Dabei aber ist der Fall des gewollten Suizids verzwickter als der Fall der gewollten Abtreibung. Denn bei der Abtreibung handelt es sich ohne Zweifel und auch medizinisch erweisbar um menschliches eigenständiges Leben mit Schmerzempfinden, das wir in guter europäischer Tradition als Person bezeichnen und unbedingt zu schützen haben. Am Ende des Lebens oder in schwerer Krankheit aber scheint nur der Wille des Patienten ausschlaggebend zu sein. Stimmt das wirklich?

In der Podiumsdiskussion fiel mir auf, dass häufig die Solidarität als Aufgabe der Sozialgesetzgebung, auch im Fall des Suizids, betont wurde: Die Gesellschaft und der Sozialstaat müssten Solidarität mit dem schwer erkrankten Menschen und seinem Willen zeigen. Kann das wirklich das letzte Wort eines ansonsten hilflosen, weil säkularen Sozialstaates sein? Solidarität um jeden Preis und auf jeden Fall, ohne ein besseres Ziel als die Auslöschung des Lebens? Hat Solidarität nach alter Tradition nicht immer das Ziel, Staat und Gesellschaft und Familie so solide zu bauen, dass das Ziel und die Vollendung des Lebens erreicht werden kann?

Hilfe statt Tod anbieten

Und wäre es nicht höchste Solidarität auch eines säkularen Staates, Gesetze so zu machen, dass er dem verzweifelten Menschen hülfe mit der liebevollen Entgegnung auf den Zweifel, mit dem Hinweis auf die unbedingte Notwendigkeit jeder menschlichen Person in Staat und Gesellschaft, statt scheinbar solidarisch einzustimmen in dessen Verzweiflung und Lebensmüdigkeit?

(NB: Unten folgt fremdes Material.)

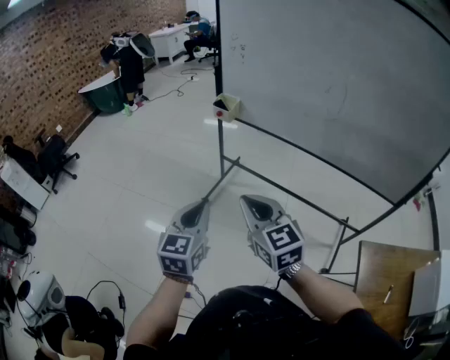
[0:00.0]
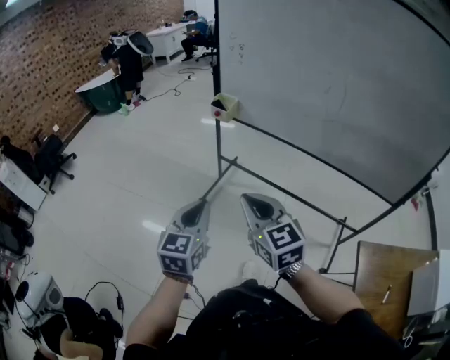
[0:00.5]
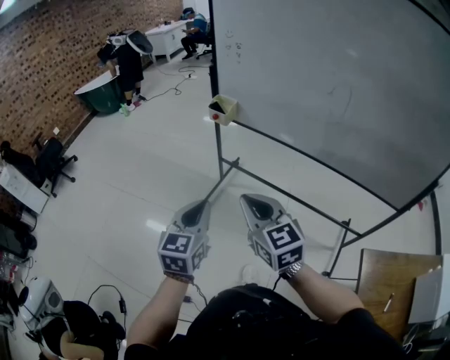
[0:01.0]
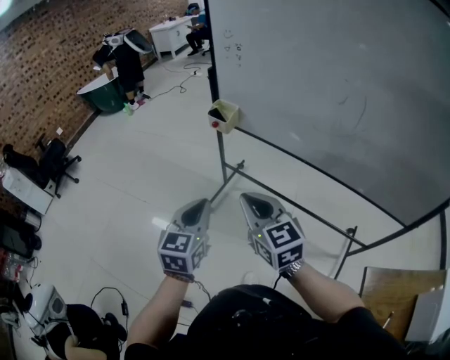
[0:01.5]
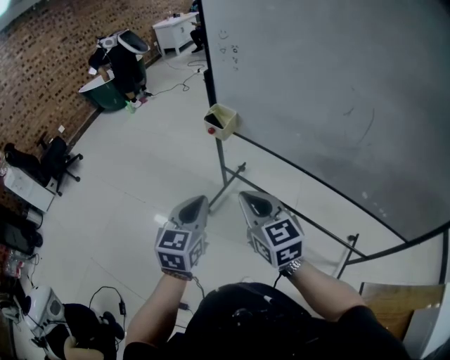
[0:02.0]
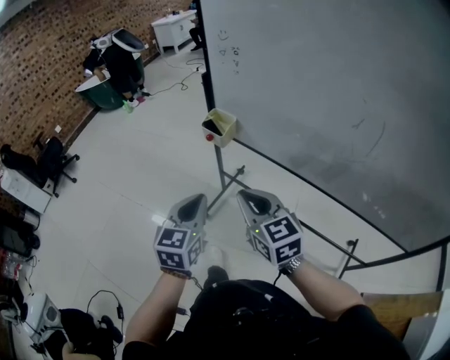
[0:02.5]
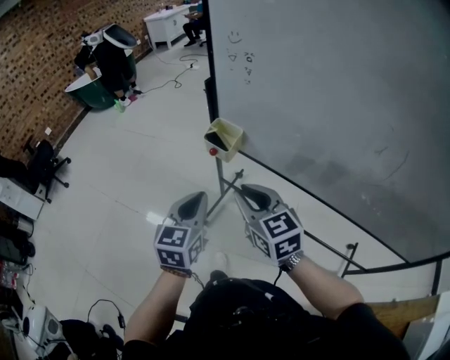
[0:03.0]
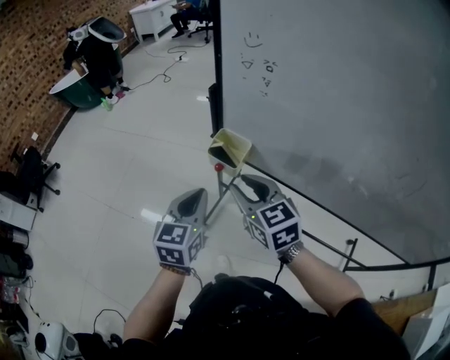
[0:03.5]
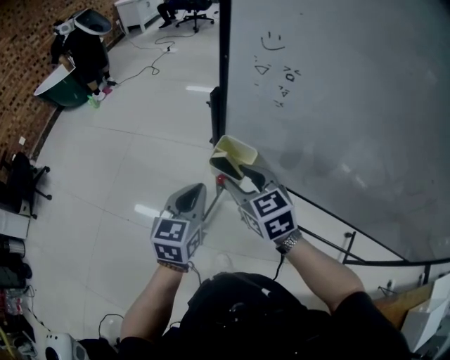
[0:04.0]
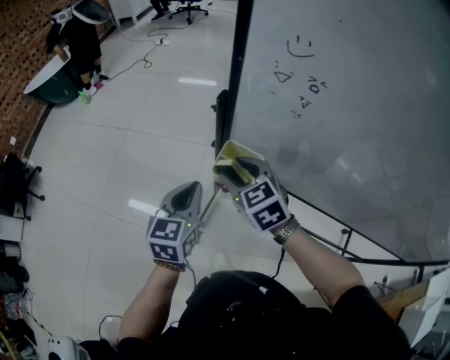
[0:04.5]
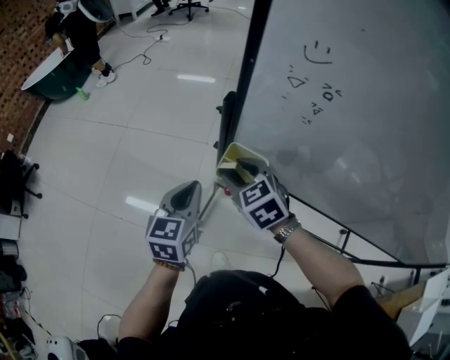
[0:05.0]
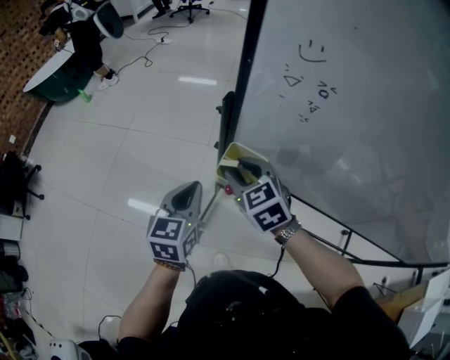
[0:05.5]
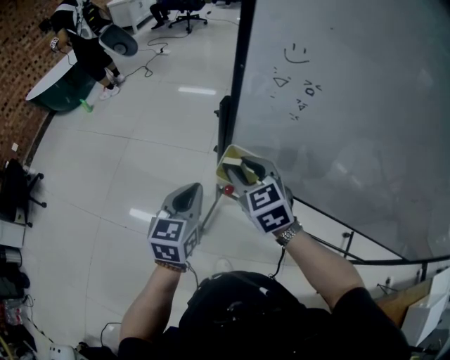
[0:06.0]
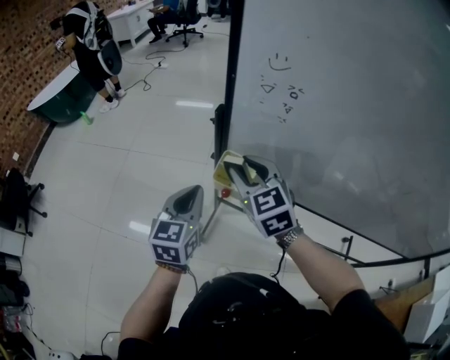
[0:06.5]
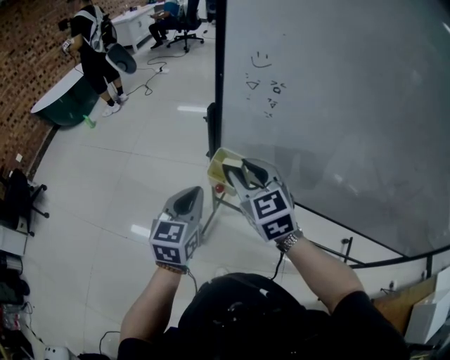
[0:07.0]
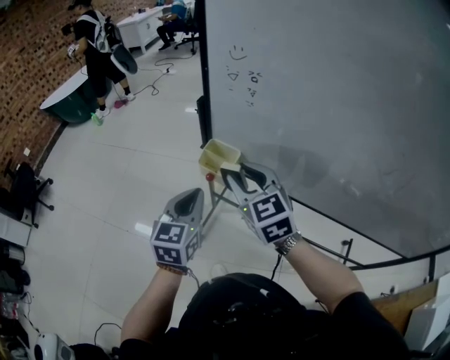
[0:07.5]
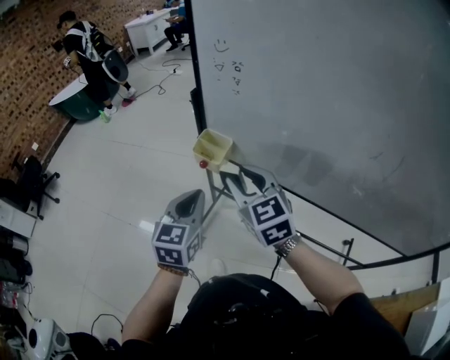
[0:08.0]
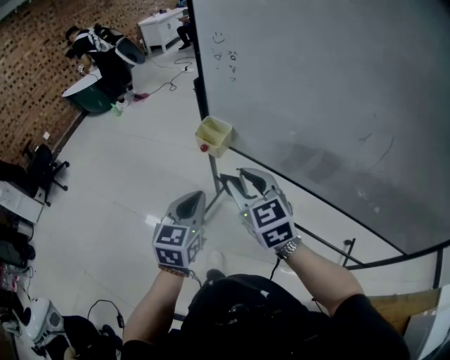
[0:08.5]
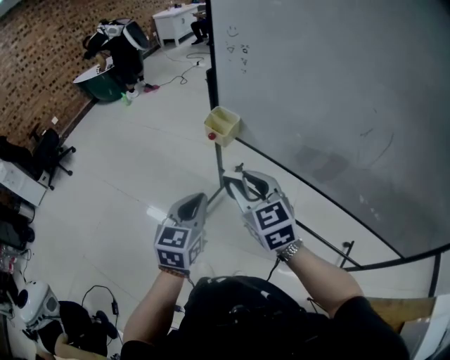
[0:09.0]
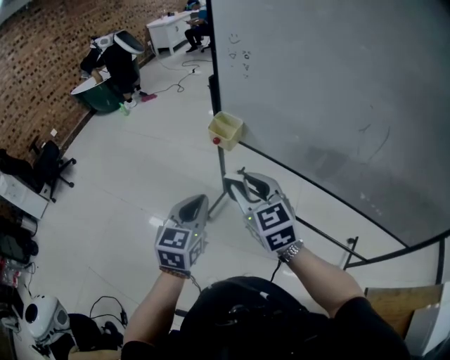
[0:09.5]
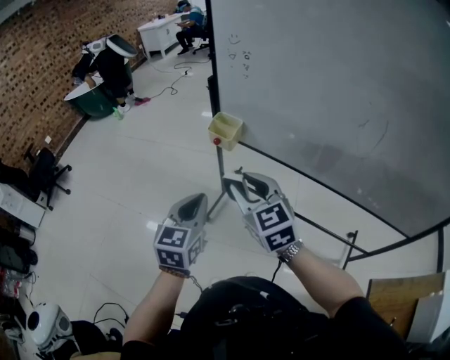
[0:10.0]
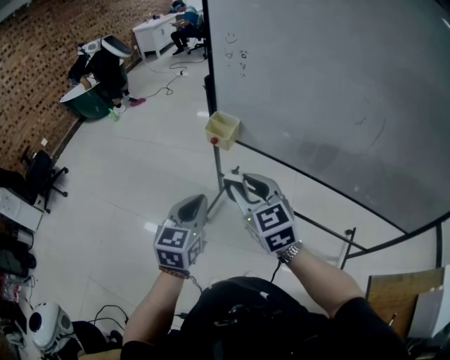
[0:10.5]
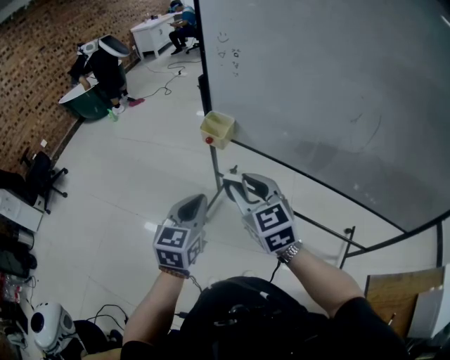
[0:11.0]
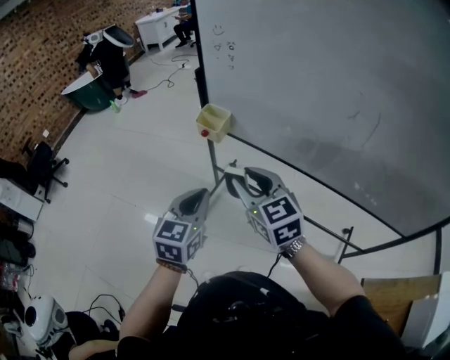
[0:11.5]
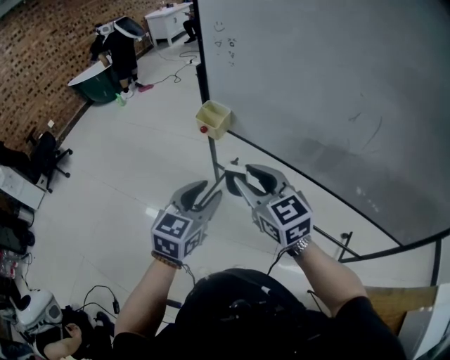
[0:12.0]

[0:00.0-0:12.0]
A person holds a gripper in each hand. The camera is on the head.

Was wäre wohl gewesen, wenn sich der barmherzige Samariter einfach solidarisch neben den Verletzten im Straßengraben gelegt hätte, statt ihn mühsam auf den Esel und ins Wirtshaus der menschlichen Wiederherstellung zu bringen? Säkulare Solidarität ohne Aussicht auf ein Ziel jenseits zeitlicher Lebensqualität, so scheint mir, ist allzu schnell am Ende – und ohne mögliche Vollendung!